Dermatitis Herpetiformis
Pruritic vesicles and papules on an erythematous base (herpetiform), especially over extensor surfaces (elbows and knees). Caused by dermal IgA deposits in association with celiac disease. This condition is responsive to a gluten-free diet. (Fig. 3-25)
Acanthosis Nigricans
Velvety hyperpigmentation of skin overlying body folds associated with elevated insulin levels, which alter dermatologic growth factors (Fig. 3-26). Elevated insulin is most commonly a result of insulin resistance in type 2 diabetes. Other endocrine disorders, such as polycystic ovary syndrome, may also be causative.
Stasis Dermatitis
Brawny discoloration of dependent areas (feet and ankles) due to hemosiderin deposits from extravasation of erythrocytes as a result of venous hypertension (Fig. 3-27). Pedal edema is often present. The venous hypertension may simply be due to venous valve dysfunction, but heart failure may also be the underlying cause.
PHARMACOLOGY
Retinoids
Vitamin A–related compounds that act as steroid hormones to alter gene transcription. These compounds bind nuclear retinoic acid receptors, which then activate promoter regions of DNA, leading to transcription of retinoid-sensitive genes. In the treatment of acne, the result is a decrease in size and sebum output of sebaceous glands. Topical retinoids are often used for the initial management of acne. Systemic isotretinoin, however, is reserved for nodulocystic acne owing to its severe side-effect profile, including hepatotoxicity and teratogenicity (causes embryologic and fetal malformations).
Permethrin
Antiparasitic agent used in the treatment of scabies and head lice (Pediculosis capitis). In arthropods, permethrin acts as a neurotoxin by prolonging sodium channel activation, thereby causing paralysis and death. It is poorly absorbed and easily inactivated in humans.
Topical Antifungals
Azoles: Inhibit an enzyme (14α-demethylase) responsible for formation of ergosterol (component of fungal membrane). Common agents for treatment of dermatophytes and tinea versicolor include clotrimazole (Lotrimin), miconazole, and ketoconazole.

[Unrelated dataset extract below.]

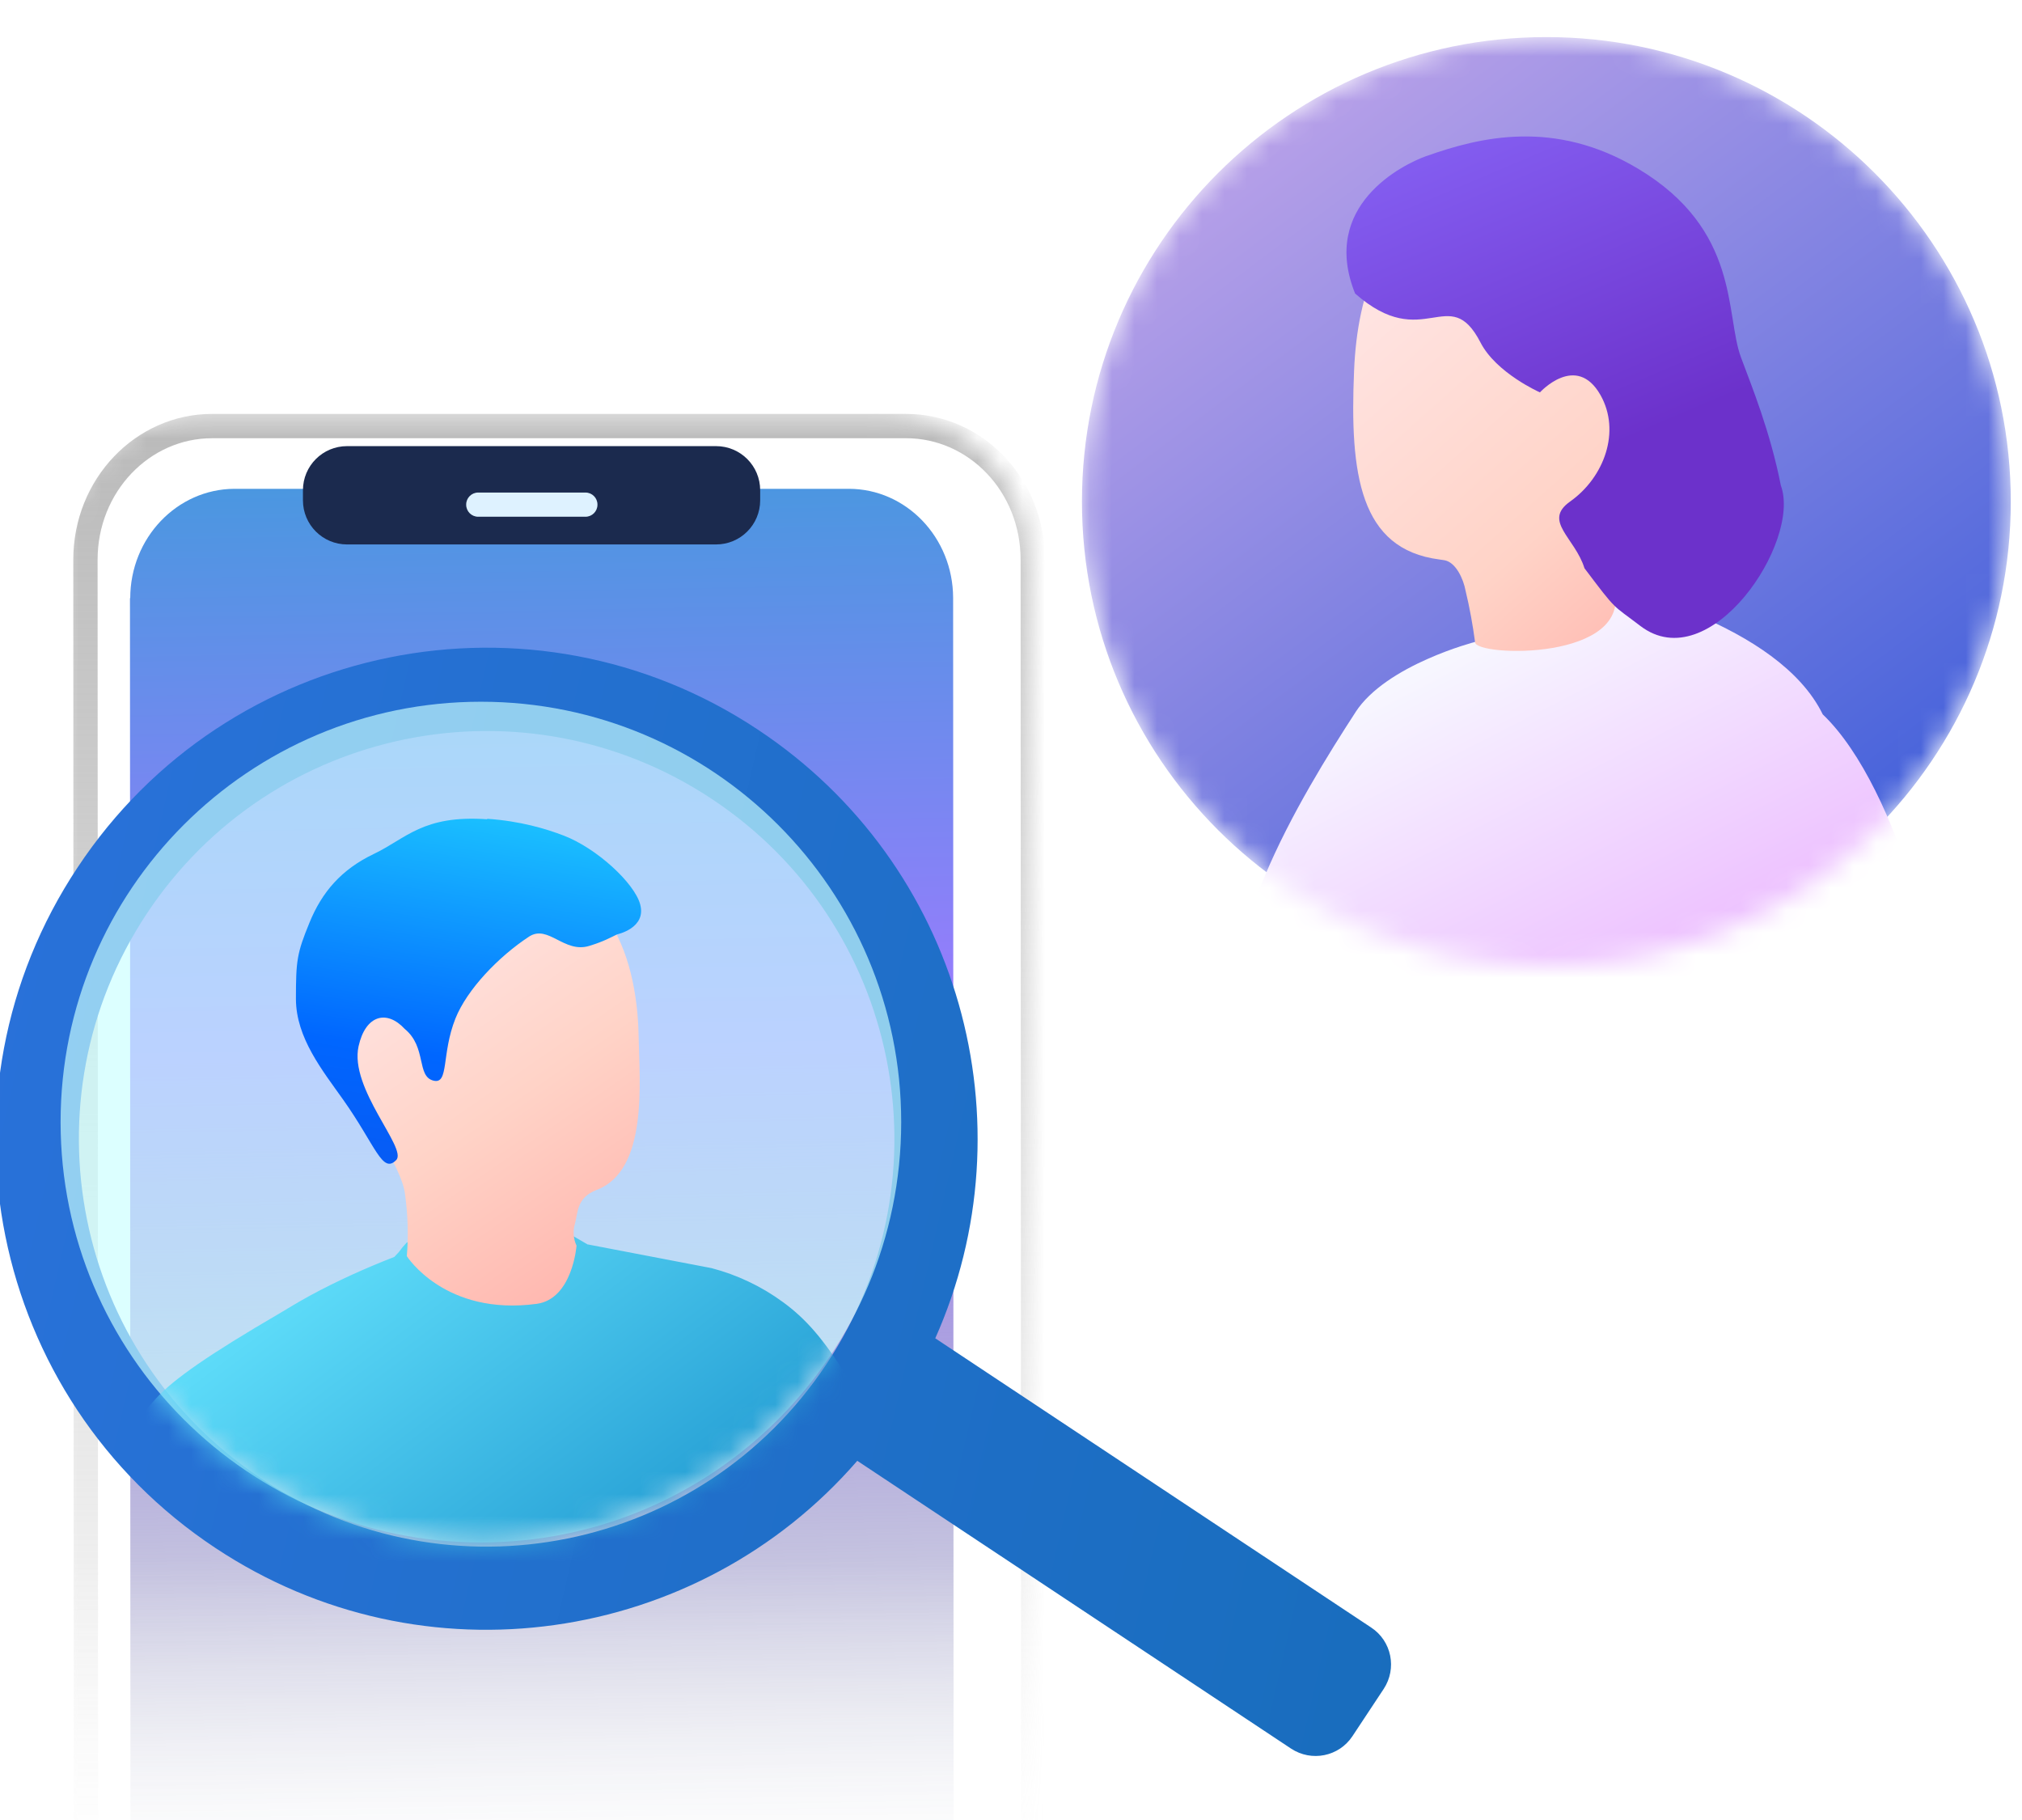 <svg fill="none" height="81" viewBox="0 0 90 81" width="90" xmlns="http://www.w3.org/2000/svg" xmlns:xlink="http://www.w3.org/1999/xlink"><filter id="a" color-interpolation-filters="sRGB" filterUnits="userSpaceOnUse" height="80.049" width="56.25" x="-3.229" y="11.931"><feFlood flood-opacity="0" result="BackgroundImageFix"/><feColorMatrix in="SourceAlpha" result="hardAlpha" type="matrix" values="0 0 0 0 0 0 0 0 0 0 0 0 0 0 0 0 0 0 127 0"/><feOffset dx="1.082"/><feGaussianBlur stdDeviation="3.245"/><feColorMatrix type="matrix" values="0 0 0 0 0.039 0 0 0 0 0.333 0 0 0 0 0.757 0 0 0 0.1 0"/><feBlend in2="BackgroundImageFix" mode="normal" result="effect1_dropShadow_802_6168"/><feBlend in="SourceGraphic" in2="effect1_dropShadow_802_6168" mode="normal" result="shape"/></filter><linearGradient id="b" gradientUnits="userSpaceOnUse" x1="24.103" x2="24.12" y1="17.307" y2="87.3"><stop offset=".745" stop-color="#fafaff"/><stop offset="1" stop-color="#fff" stop-opacity="0"/></linearGradient><linearGradient id="c" gradientUnits="userSpaceOnUse" x1="23.815" x2="23.815" y1="18.422" y2="85.49"><stop offset="0" stop-color="#bababa"/><stop offset="1" stop-color="#bababa" stop-opacity="0"/></linearGradient><linearGradient id="d" gradientUnits="userSpaceOnUse" x1="17.359" x2="18.532" y1="19.907" y2="83.678"><stop offset="0" stop-color="#4599de"/><stop offset=".422" stop-color="#9d7aff"/><stop offset="1" stop-color="#434f7a" stop-opacity="0"/></linearGradient><linearGradient id="e" gradientUnits="userSpaceOnUse" x1="-9.002" x2="68.603" y1="41.427" y2="59.162"><stop offset="0" stop-color="#2b72dd"/><stop offset="1" stop-color="#186dbc"/></linearGradient><linearGradient id="f" gradientUnits="userSpaceOnUse" x1="8.314" x2="32.288" y1="56.977" y2="88.585"><stop offset="0" stop-color="#67e6ff"/><stop offset=".88" stop-color="#0076bc"/></linearGradient><linearGradient id="g" gradientUnits="userSpaceOnUse" x1="16.54" x2="28.744" y1="39.721" y2="57.303"><stop offset="0" stop-color="#ffe8e9"/><stop offset=".52" stop-color="#ffd3c7"/><stop offset="1" stop-color="#ffb2ab"/></linearGradient><linearGradient id="h" gradientUnits="userSpaceOnUse" x1="21.756" x2="17.876" y1="36.053" y2="61.161"><stop offset="0" stop-color="#1bc2ff"/><stop offset=".44" stop-color="#06f"/><stop offset="1" stop-color="#1348e1"/></linearGradient><linearGradient id="i" gradientUnits="userSpaceOnUse" x1="53.203" x2="87.792" y1="1.59" y2="47.505"><stop offset="0" stop-color="#fff1ff"/><stop offset=".84" stop-color="#a7b0ff"/><stop offset=".91" stop-color="#aab6ff"/><stop offset="1" stop-color="#b4c6ff"/></linearGradient><linearGradient id="j" gradientUnits="userSpaceOnUse" x1="53.203" x2="87.792" y1="1.59" y2="47.505"><stop offset="0" stop-color="#c5a8ea"/><stop offset="1" stop-color="#2852d7"/></linearGradient><linearGradient id="k" gradientUnits="userSpaceOnUse" x1="65.254" x2="75.836" y1="28.694" y2="49.38"><stop offset="0" stop-color="#f7f7ff"/><stop offset="1" stop-color="#e9abff"/></linearGradient><linearGradient id="l" gradientUnits="userSpaceOnUse" x1="59.909" x2="76.654" y1="9.776" y2="28.537"><stop offset="0" stop-color="#ffe8e9"/><stop offset=".64" stop-color="#ffd3c7"/><stop offset="1" stop-color="#ffb2ab"/></linearGradient><linearGradient id="m" gradientUnits="userSpaceOnUse" x1="65.566" x2="75.512" y1="5.605" y2="29.103"><stop offset="0" stop-color="#845ef1"/><stop offset=".61" stop-color="#6c31cb"/></linearGradient><linearGradient id="n" gradientUnits="userSpaceOnUse" x1="53.982" x2="28.432" y1="39.534" y2="38.477"><stop offset=".5" stop-color="#f7d6d4"/><stop offset=".7" stop-color="#f6d0d0"/><stop offset=".91" stop-color="#f5c3c7"/></linearGradient><linearGradient id="o" gradientUnits="userSpaceOnUse" x1="45.373" x2="50.7" y1="36.16" y2="58.766"><stop offset=".14" stop-color="#00c2ff"/><stop offset=".33" stop-color="#00bdff"/><stop offset=".57" stop-color="#00aeff"/><stop offset=".82" stop-color="#0096ff"/></linearGradient><clipPath id="p"><path d="m0 0h90v81h-90z"/></clipPath><mask id="q" height="70" maskUnits="userSpaceOnUse" width="44" x="2" y="18"><path d="m2.453 25.087c0-3.683 2.768-6.665 6.188-6.665h30.928c3.42 0 6.188 2.969 6.188 6.652l.023 62.226h-43.303z" fill="url(#b)"/></mask><mask id="r" height="38" maskUnits="userSpaceOnUse" width="39" x="2" y="31"><path d="m21.405 68.647c10.332 0 18.708-8.376 18.708-18.708s-8.376-18.708-18.708-18.708c-10.332 0-18.708 8.376-18.708 18.708s8.376 18.708 18.708 18.708z" fill="#c9ffff"/></mask><mask id="s" height="42" maskUnits="userSpaceOnUse" width="42" x="48" y="1"><path d="m68.829 42.992c11.416 0 20.671-9.255 20.671-20.671 0-11.416-9.255-20.671-20.671-20.671-11.416 0-20.671 9.255-20.671 20.671 0 11.416 9.255 20.671 20.671 20.671z" fill="url(#i)"/></mask><g clip-path="url(#p)"><g mask="url(#q)"><g filter="url(#a)"><path d="m44.886 24.899v0l.023 60.049h-42.165l-.023-60.037c0-0 0-0 0-0.0 0-3.313 2.547-5.949 5.639-5.949h30.887c3.093 0 5.639 2.625 5.639 5.937z" stroke="url(#c)" stroke-width="1.082"/></g><path d="m5.797 26.626c0-2.682 2.077-4.859 4.634-4.871h27.348c2.557 0 4.634 2.166 4.645 4.848l.022 57.365h-36.639l-.022-57.353z" fill="url(#d)"/><path d="m13.484 21.821c0-1.089.878-1.966 1.966-1.966h16.42c1.089 0 1.966.878 1.966 1.966v.444c0 1.089-.878 1.966-1.966 1.966h-16.42c-1.089 0-1.966-.878-1.966-1.966z" fill="#1b2a4e"/><path d="m26.06 21.921h-4.777c-.294 0-.533.239-.533.533v.011c0 .294.239.533.533.533h4.777c.294 0 .533-.239.533-.533v-.011c0-.294-.239-.533-.533-.533z" fill="#def2ff"/></g><path clip-rule="evenodd" d="m31.693 35.564c8.354 5.543 10.632 16.797 5.088 25.152-5.544 8.354-16.797 10.632-25.152 5.088-8.354-5.544-10.632-16.797-5.088-25.152 5.544-8.354 16.797-10.632 25.152-5.088zm9.932 24.007c4.277-9.576 1.144-21.108-7.888-27.096-10.054-6.677-23.619-3.933-30.284 6.132-6.677 10.054-3.933 23.619 6.132 30.284 9.254 6.143 21.485 4.299 28.573-3.877l19.308 12.809c.911.6 2.133.355 2.733-.555l1.389-2.1c.6-.911.355-2.133-.555-2.733l-19.408-12.876z" fill="url(#e)" fill-rule="evenodd"/><path d="m21.405 68.647c10.332 0 18.708-8.376 18.708-18.708s-8.376-18.708-18.708-18.708c-10.332 0-18.708 8.376-18.708 18.708s8.376 18.708 18.708 18.708z" fill="#c9ffff" opacity=".66"/><g mask="url(#r)"><path d="m26.16 55.383c1.711.322 3.799.733 5.51 1.055 1.144.3 2.222.811 3.177 1.511.989.722 1.789 1.6 2.911 3.411.211.344.522.844.833 1.478 1.278 2.489 1.167 3.711 2.389 6.61.878 2.066 1.466 2.7 2.1 2.755.4.033.578-.155 1.078-.311 1.311-.411 3.466-.067 4.322 1.422.666 1.166.411 2.811-.622 4.066-.633.511-1.533 1.211-2.655 1.989-2.011 1.389-3.044 2.077-4.044 2.1-1.778.022-3.166-1.489-3.788-2.3.155 3.222-.7 6.41-2.444 9.132-3.377 4.766-9.021 6.155-12.809 6.399-7.343.467-9.198-1.555-9.198-1.555-.789.056-2.855.6-4.522-.322-1.9-1.055-2.777-2.711-3.277-3.766-.933-1.889-1.078-3.444-1.311-6.321-.6-7.654-.733-11.498.056-14.62.267-1.067.655-2.1 1.155-3.077.511-1.022 1.155-1.955 1.922-2.8.8-.867 2.322-1.933 5.521-3.799.322-.189.744-.456 1.333-.778 1.211-.655 2.466-1.222 3.755-1.722.4-.411.167-.233.567-.655 2.766 1.511 5.432 1.655 6.799.444.233-.211.422-.455.567-.733l.689.4z" fill="url(#f)"/><path d="m28.427 46.173c.033 1.966.433 5.921-1.877 6.788-.889.344-.822 1-.955 1.489-.1.322-.078.678.067.989 0 0-.178 2.366-1.766 2.588-4.099.555-5.788-2.122-5.788-2.122.078-.911.044-1.833-.078-2.744-.067-.622-.533-1.522-1.222-2.722-1.255-2.144-1.722-4.199-1.189-6.866.622-3.088 3.444-4.977 6.366-5.044 5.732-.122 6.399 5.188 6.443 7.643z" fill="url(#g)"/><path d="m21.694 36.441c1.455.1 2.611.444 3.388.744 1.489.567 3.155 2.122 3.41 3.055.3 1.067-1.022 1.344-1.022 1.344-.3.144-.611.322-1.233.511-1.122.355-1.833-.967-2.688-.411-1.355.889-2.755 2.344-3.277 3.644-.633 1.589-.278 2.944-.978 2.766-.766-.189-.289-1.489-1.278-2.3-.8-.867-1.744-.622-2.055.766-.422 1.889 2.177 4.544 1.677 5.066-.622.644-.911-.633-2.366-2.688-.922-1.3-2.089-2.744-2.1-4.466 0-1.722.044-2.044.6-3.4.555-1.367 1.422-2.377 2.866-3.066 1.444-.689 2.188-1.744 5.044-1.544z" fill="url(#h)"/></g><g mask="url(#s)"><path d="m68.829 42.992c11.416 0 20.671-9.255 20.671-20.671 0-11.416-9.255-20.671-20.671-20.671-11.416 0-20.671 9.255-20.671 20.671 0 11.416 9.255 20.671 20.671 20.671z" fill="url(#j)"/><path clip-rule="evenodd" d="m60.327 31.706c1.364-2.12 5.34-3.14 5.34-3.14l.011-.011s2.452-3.346 4.102-2.956c.069.016.152.036.25.058 1.913.442 9.132 2.108 11.101 6.136 3.484 3.332 5.593 12.499 5.471 15.233-.013.277-.02.589-.027.927-.08 3.518-.224 9.884-7.176 9.988-.04 1.561-.061 2.641-.061 2.641-9.407 6.554-18.62.115-18.62.115s-2.991-11.435-4.996-14.518c-2.269-3.483 2.269-10.874 4.606-14.472z" fill="url(#k)" fill-rule="evenodd"/><path d="m70.949 22.871c.974-.298 3.758-1.432 2.842-5.236-.149-.63-.527-1.18-1.066-1.535 0 0 .848-3.861-1.719-6.268-2.154-2.017-5.592-1.57-7.31-.699-2.017 1.031-3.277 3.621-3.426 7.379-.195 4.595.252 7.929 3.793 8.387l.229.034c.516.092.848.848.94 1.352.183.756.321 1.524.424 2.292-.023.653 7.104.871 6.176-2.464l-.871-3.254z" fill="url(#l)"/><path d="m63.49 6.944c-1.066.378-4.744 2.211-3.174 6.119 3.059 2.693 4.182-.527 5.58 2.177.699 1.364 2.647 2.223 2.647 2.223s1.616-1.776 2.693.115c.917 1.616.172 3.667-1.352 4.744-1.226.871.218 1.604.642 2.968 1.467 1.948 1.215 1.593 2.486 2.567 3.094 2.36 7.173-3.735 6.256-6.245-.481-2.429-1.295-4.411-1.776-5.706-.71-1.913-.023-5.672-4.583-8.399-3.712-2.223-7.035-1.409-9.419-.561z" fill="url(#m)"/><path d="m51.092 39.99s-6.222 1.203-10.954-3.678c0 0-2.28-3.564-3.243-3.667s-2.761-1.719-3.151-1.719-.264 1.65 1.18 2.406c1.444.756-.023 1.375-.447 1.363-.435-.023-5.03 1.535-5.202 1.971-.172.435-1.215 1.375-.642 1.558s7.654-.252 8.869.332c1.215.573 6.016 6.611 9.533 7.7 3.529 1.077 4.847 1.134 6.634.836l-2.578-7.081z" fill="url(#n)"/><path d="m53.555 40.093s-9.694-1.387-11.264-2.716l-2.761 4.812s10.668 7.196 14.735 6.279z" fill="url(#o)"/></g></g></svg>

Terbinafine (Lamisil): Inhibits a different enzyme (squalene epoxidase) responsible for formation of ergosterol. Topically, terbinafine is a first-line agent for dermatophytes. It can also be used orally in the treatment of onychomycosis (fungal nail infection).
Topical Steroids
Inhibit local inflammatory reaction by interfering with the production of inflammatory cytokines by phospholipase A2. They are used in the treatment of lichen planus, atopic dermatitis, contact dermatitis, psoriasis, pemphigus vulgaris, and bullous pemphigoid, among others. Common topical steroids include hydrocortisone, triamcinolone, and clobetasol.
5-Fluorouracil (5-FU)
Topical and systemic chemotherapeutic agent. 5-FU is a thymine (pyrimidine) analogue that irreversibly inhibits thymidylate synthase, thus preventing DNA synthesis (see Chapter 11 for details). Used topically, it is one of the first-line therapies for actinic keratoses (cryotherapy is also a first-line treatment). 5-FU causes a local inflammatory response on the skin that may require interruption of treatment. Intravenously, it is used in the treatment of solid malignancies such as breast and colon cancer.